So is A Few Good Men, Rob Reiner’s big Christmas movie based on Aaron Sorkin’s recent play and starring Tom Cruise and Demi Moore, with an appearance by Jack Nicholson that is absolutely astonishing. We tend to take Nicholson for granted, perhaps because he does dumb things now and then like the Joker in Batman (for which he received something in excess of 50 million dollars, which is perhaps not so dumb). But here, as the tougher-than-nails Colonel Nathan R. Jessep, he has such impact that, in a few scenes, he makes the movie. Tom Cruise is a cocky lawyer, all charm and polish with a glitzy Harvard background, but so wet behind the ears that he has never seen the inside of a courtroom except once when he had his driving license suspended. His maturation, his development from the callowness of a sassy kid to real Menschlichkeit would not be interesting unless he had to face some actual danger. Nicholson is the danger, and his smiles are so terrifying that we anticipate with bated breath what it would be like if he should ever scowl. One can’t help comparing Nicholson’s work here with Bogart’s in The Caine Mutiny, and it is no minimization of Bogey to say that this is even better.

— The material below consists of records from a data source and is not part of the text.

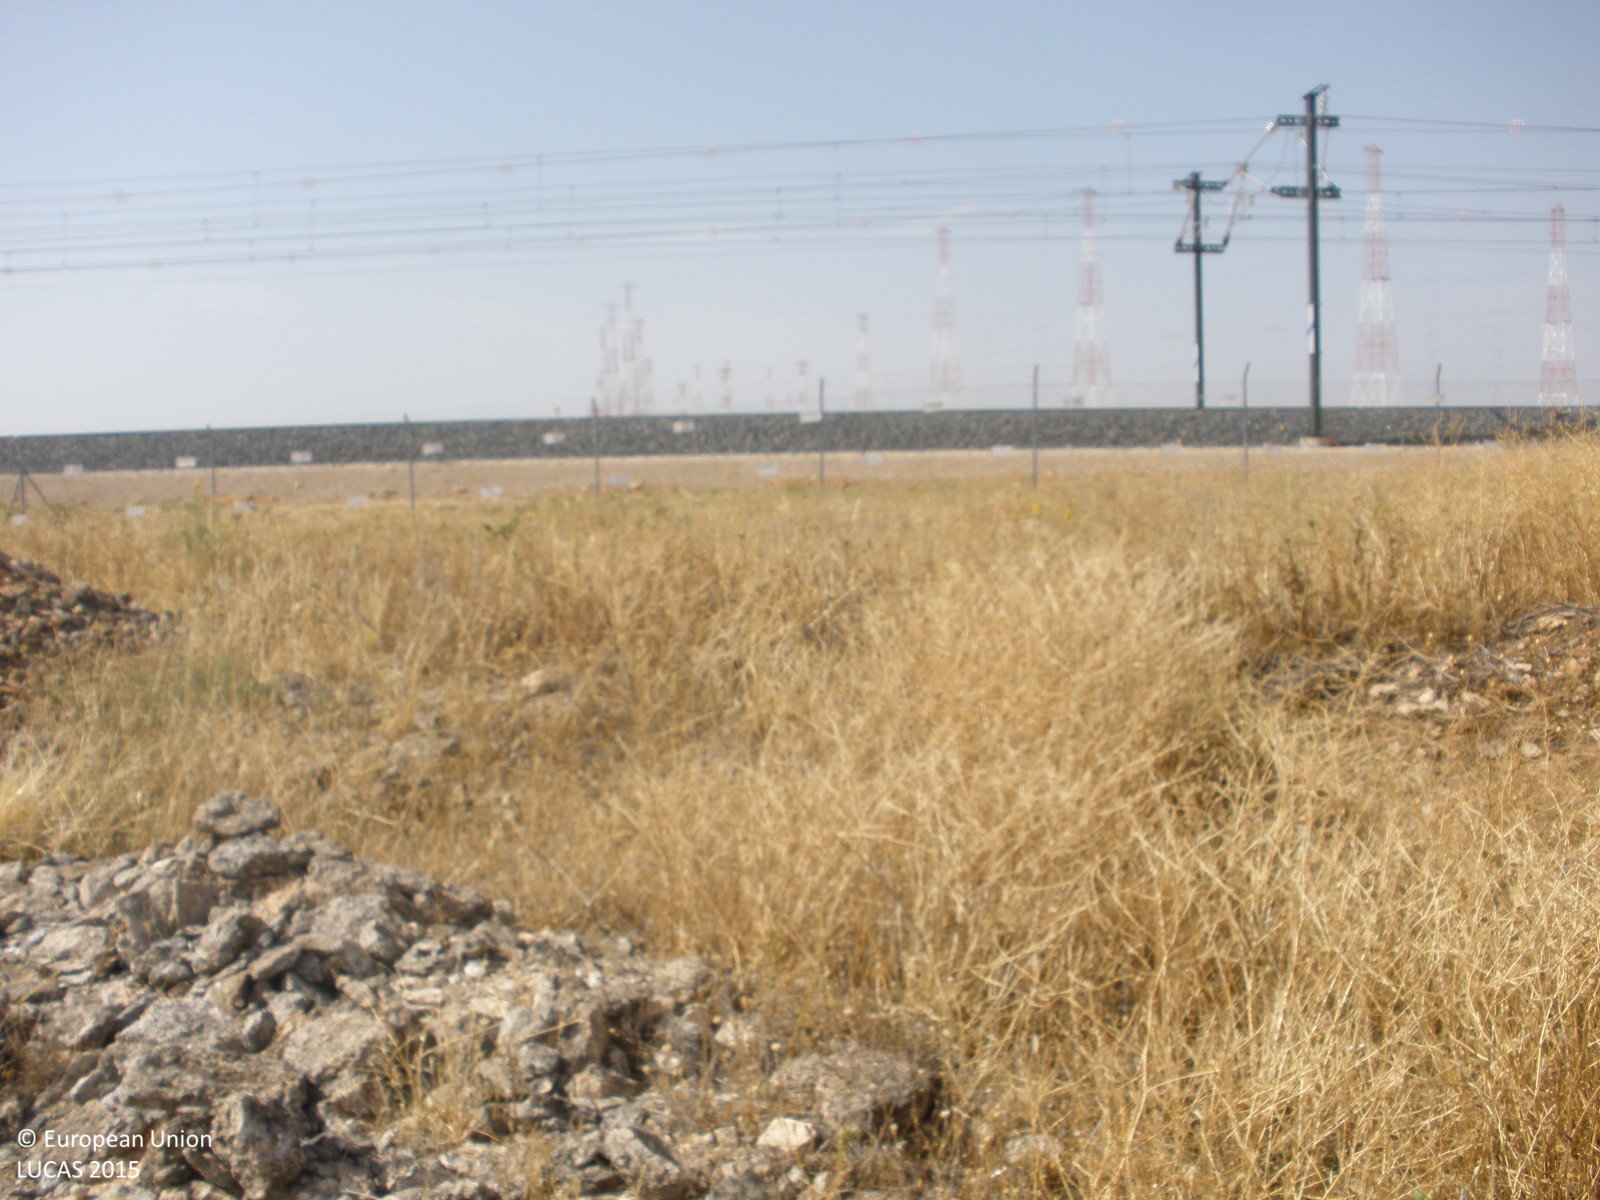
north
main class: Grassland
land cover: Grassland without tree/shrub cover
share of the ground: > 75 %
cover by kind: herbaceous plants 75 %, consolidated bare surface 25 %
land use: Abandoned areas
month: July
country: ES
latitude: 39.9439
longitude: -3.4286

Here again, we have a court martial, a courtroom drama in which Nicholson comes on at the end to do the star turn. He has a kind of controlled fury, an energy that one sees only rarely on screen and hopes never to encounter in the real world. The consideration of what the limits of a Marine’s duty to obey the orders of a superior officer are is efficient enough. The acting of Cruise (doing himself) and Moore (doing a kind of updated Katharine Hepburn priss) is agreeably accomplished and mostly persuasive. Kiefer Sutherland and J. T. Walsh are particularly good in important supporting roles as more or less crazed, gung-ho gyrene officers. But it is Nicholson who shows us what the screen is capable of in conveying personal force and drama. Reiner’s efficient direction seems to have been in leaving Nicholson to do what he can do better than anyone else in the world—assenting to cinematographer Robert Richardson’s preferences for close-ups that make the most of Nicholson’s menace—and in having the confidence not to use too much of this great natural resource.
Finally, although it is not my custom to review trailers for coming attractions, I must say that I saw a particularly engaging teaser for Groundhog Day with Bill Murray playing a weatherman who goes to Punxsutawney, Pennsylvania, for the annual February rite and gets stuck there, not only in Punxsutawney but in February 2nd. Each time the alarm goes off at 6 A.M., he is condemned to live through the same day until he gets it right. The conceit seems altogether delicious, Murray seems to be having fun with it, and I look forward to the movie with a pleasant combination of eagerness and trepidation that I invite readers to share.